Use standard heats of formation in Appendix L to calculate standard enthalpy changes for the following reactions.
1.45 x 10-2 mol of carbon is oxidized to CO2(g)
Please help me!
Look up the heat of formation for CO2 in the table provided to you. My table has something like 393.5 kJ/mol. That reaction is for
C + O2 ==> CO2
delta H reaction is (n*deltaHf products) - (n*deltaHf reactants) =
(n*deltaHf CO2) - [(n*deltaHf C) + (n*deltaHf O2)]
delta Hrxn = -393.5 -(+0) = -393.5 kJ/mol.
You have 1.45E-2 mol instead of 1 mole; therefore, delta H rxn = -393.5 kJ/mol x 1.45E-2 mol = ?? kJ.
Thank you! but does n in (n*deltaHf products) - (n*deltaHf reactants) mean amount? What amount is it talkinging about?
To calculate the standard enthalpy change for the reaction of carbon being oxidized to CO2(g), we need to use the standard heats of formation from Appendix L. The standard heat of formation (∆Hf) is the change in enthalpy when one mole of a substance is formed from its constituent elements in their standard states at 25 degrees Celsius and one atmosphere pressure.

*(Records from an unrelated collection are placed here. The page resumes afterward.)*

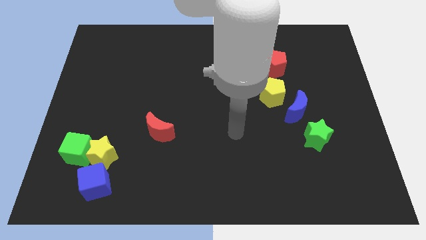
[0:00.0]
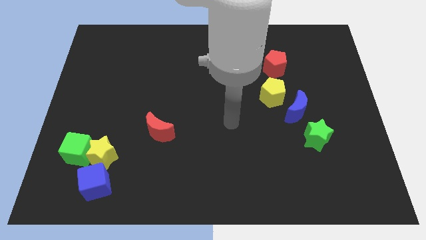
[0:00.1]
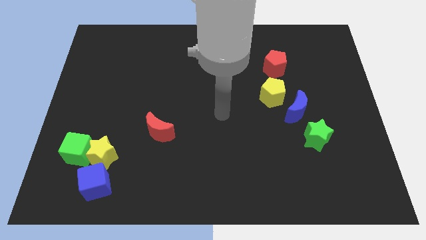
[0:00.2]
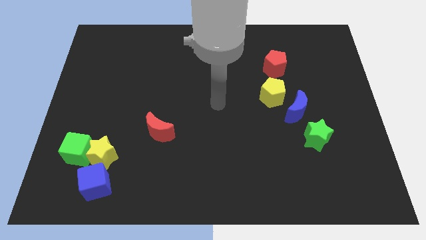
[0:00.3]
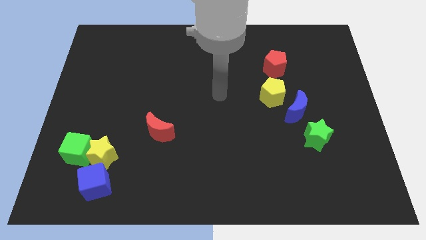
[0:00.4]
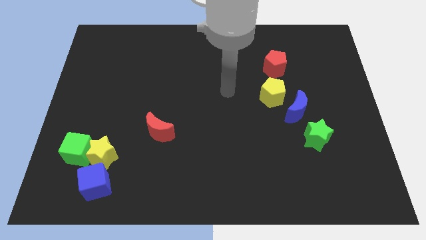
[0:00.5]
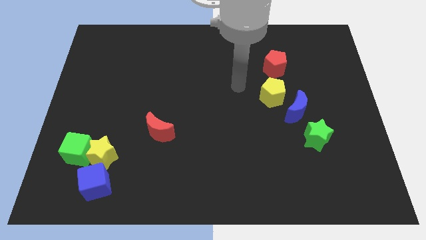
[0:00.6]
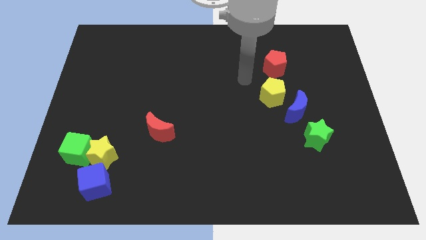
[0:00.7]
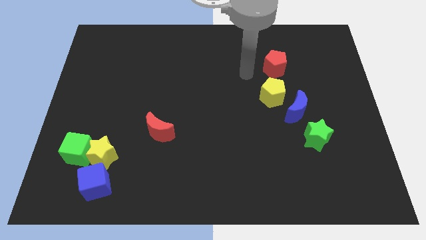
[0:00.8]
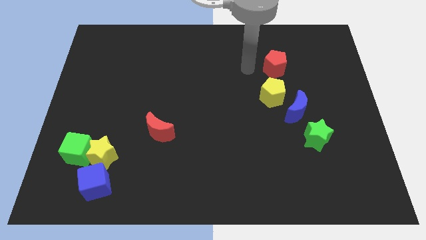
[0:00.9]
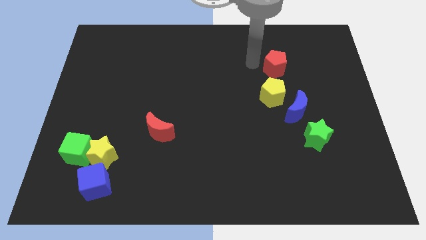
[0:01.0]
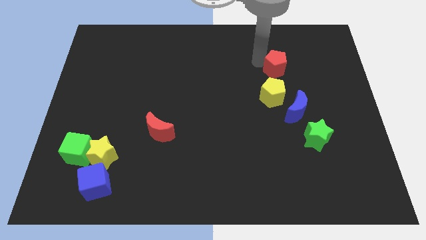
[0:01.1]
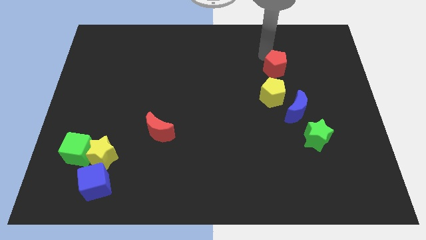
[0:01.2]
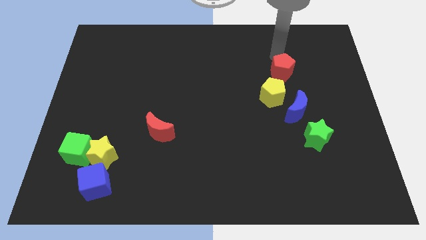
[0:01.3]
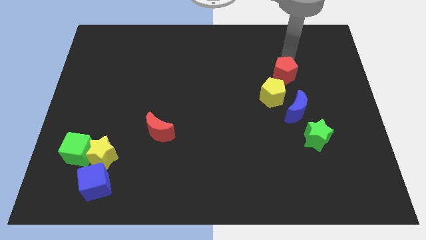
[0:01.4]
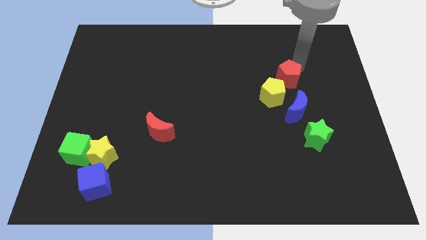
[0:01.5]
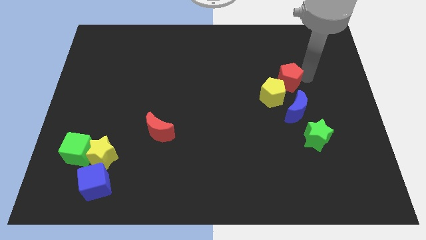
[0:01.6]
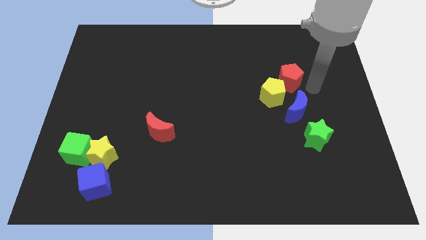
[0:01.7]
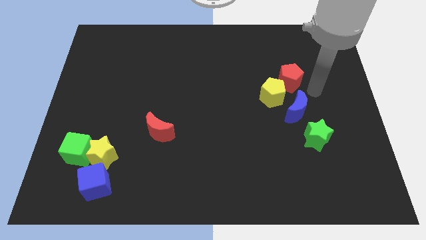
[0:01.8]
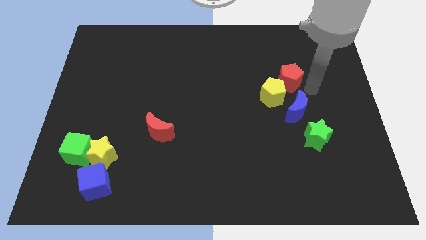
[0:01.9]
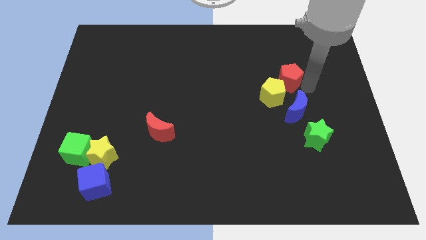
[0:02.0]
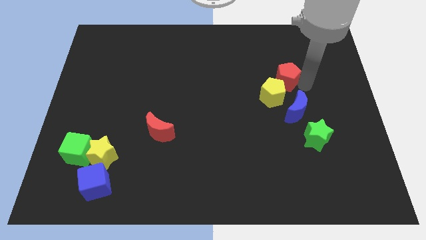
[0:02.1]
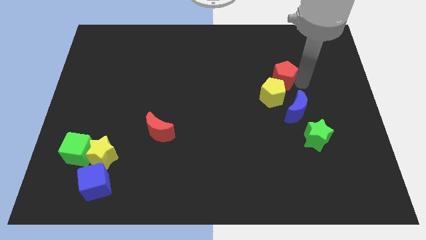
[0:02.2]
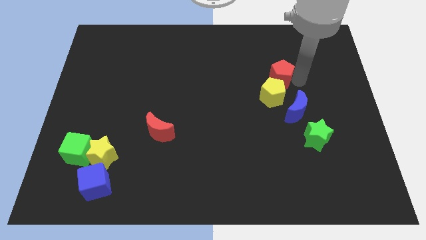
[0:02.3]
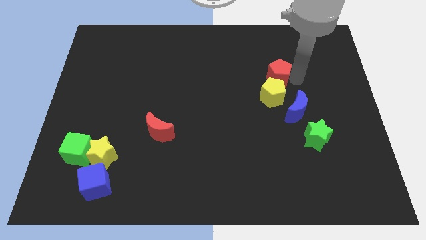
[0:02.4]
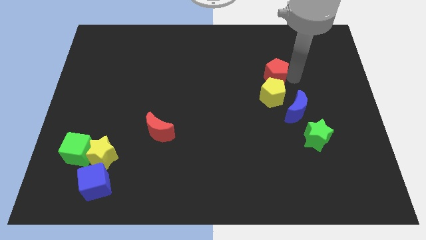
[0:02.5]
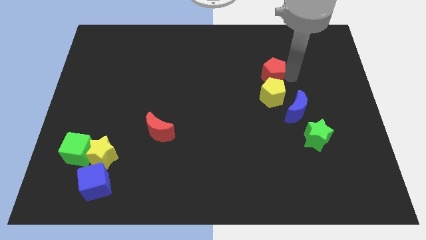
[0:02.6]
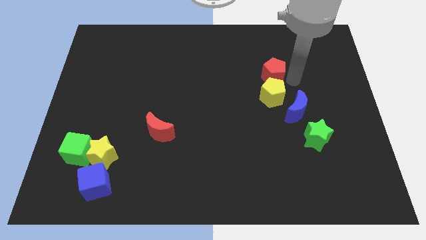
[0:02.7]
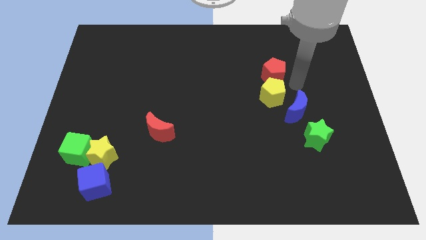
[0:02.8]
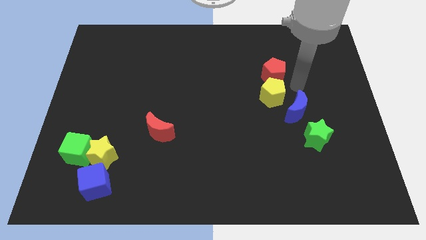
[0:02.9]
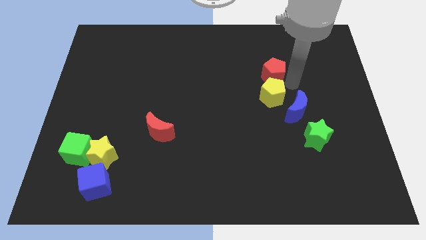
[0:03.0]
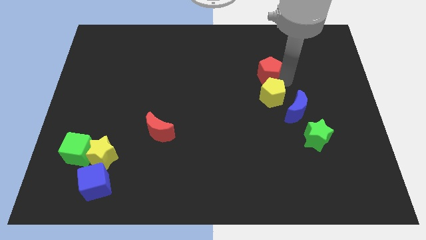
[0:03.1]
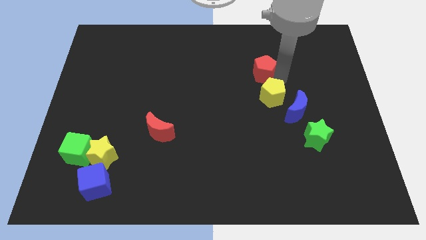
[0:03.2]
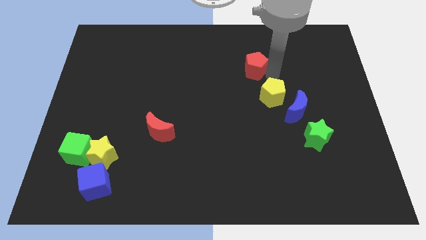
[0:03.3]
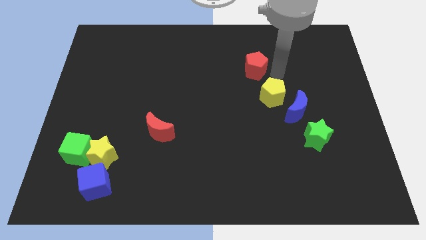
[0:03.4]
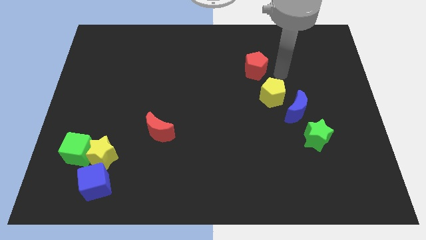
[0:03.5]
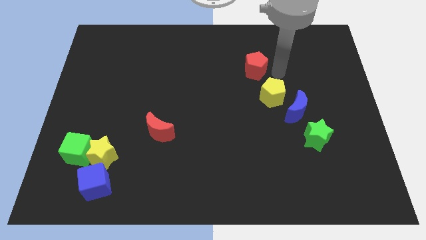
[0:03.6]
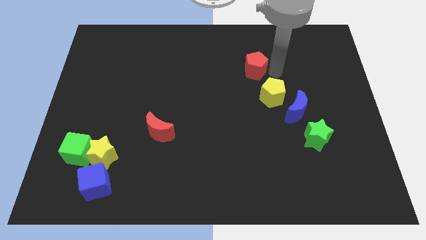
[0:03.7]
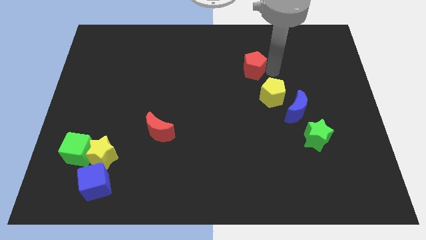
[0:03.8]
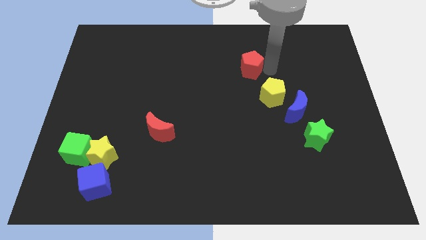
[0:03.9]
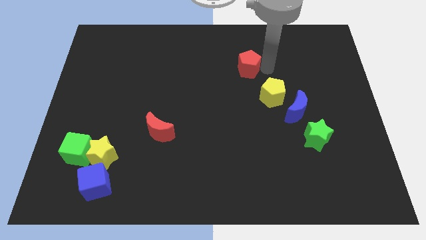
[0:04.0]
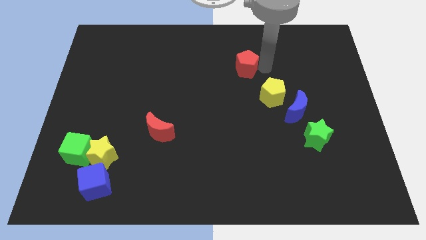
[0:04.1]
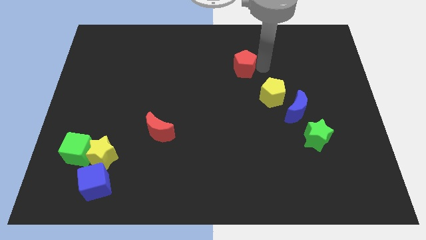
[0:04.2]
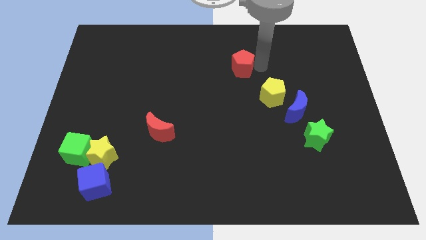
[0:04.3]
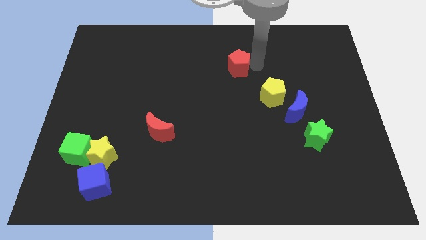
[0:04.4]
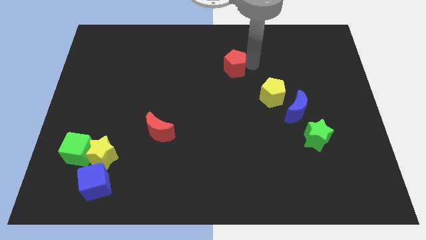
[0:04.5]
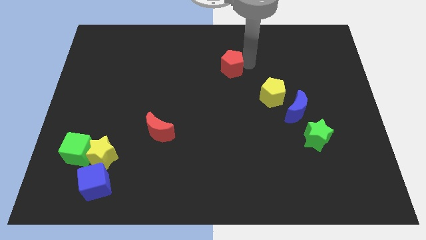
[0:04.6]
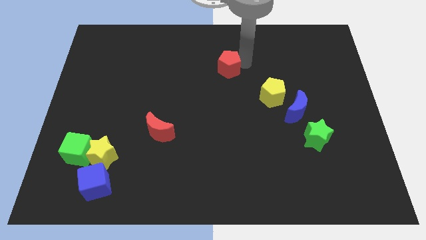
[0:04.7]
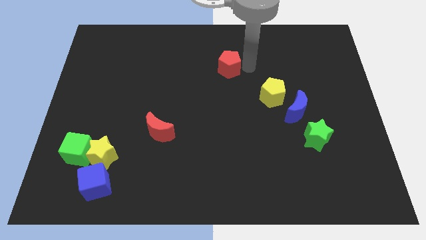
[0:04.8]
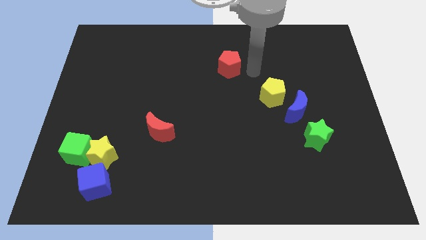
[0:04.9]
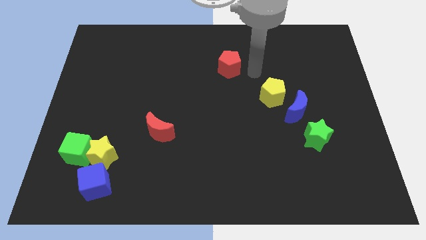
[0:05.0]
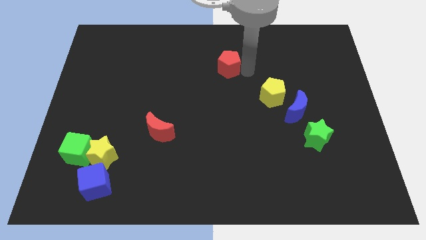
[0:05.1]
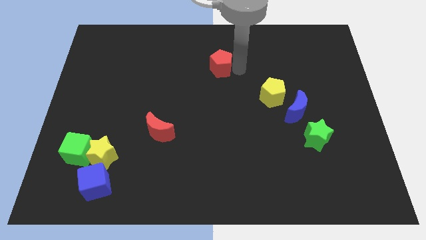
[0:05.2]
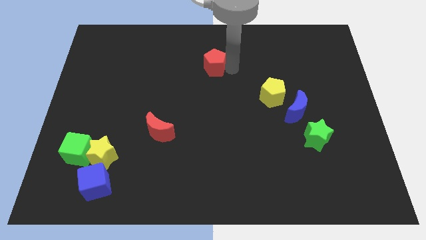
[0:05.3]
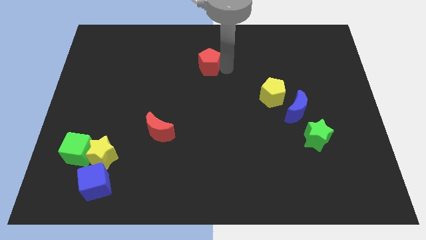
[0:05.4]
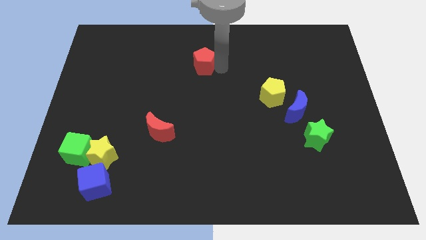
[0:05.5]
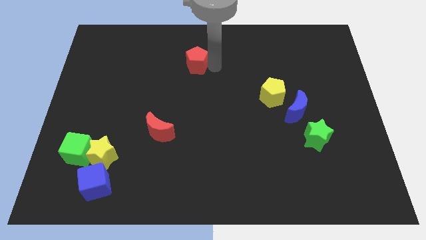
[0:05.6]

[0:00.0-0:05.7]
move the red pentagon to the left

First, we need to identify the reactants and products in the reaction. In this case, the reactant is carbon (C), and the product is carbon dioxide gas (CO2(g)).

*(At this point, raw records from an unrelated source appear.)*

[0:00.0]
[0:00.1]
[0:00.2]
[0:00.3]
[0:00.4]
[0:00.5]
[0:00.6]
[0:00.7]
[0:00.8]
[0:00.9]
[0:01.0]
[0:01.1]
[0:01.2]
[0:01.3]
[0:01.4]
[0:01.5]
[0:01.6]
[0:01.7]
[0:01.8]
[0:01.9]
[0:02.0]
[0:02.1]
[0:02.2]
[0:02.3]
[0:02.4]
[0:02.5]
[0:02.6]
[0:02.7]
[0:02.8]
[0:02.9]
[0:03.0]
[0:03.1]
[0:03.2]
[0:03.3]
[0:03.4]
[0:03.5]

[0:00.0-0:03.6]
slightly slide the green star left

The balanced chemical equation for this reaction is:
C(s) + O2(g) -> CO2(g)
Next, we need to determine the standard heat of formation for each species involved in the reaction. According to Appendix L:
∆Hf(C(s)) = 0 kJ/mol (Standard heat of formation for carbon in its standard state)
∆Hf(CO2(g)) = -393.5 kJ/mol (Standard heat of formation for carbon dioxide gas)
Now, we can use these values to calculate the standard enthalpy change (∆H) for the reaction:
∆H = ∑ ∆Hf(products) - ∑ ∆Hf(reactants)
∆H = ∆Hf(CO2(g)) - ∆Hf(C(s))
∆H = -393.5 kJ/mol - 0 kJ/mol
∆H = -393.5 kJ/mol
Therefore, the standard enthalpy change for the reaction of carbon being oxidized to CO2 is -393.5 kJ/mol. This indicates that the reaction is exothermic, releasing energy in the form of heat.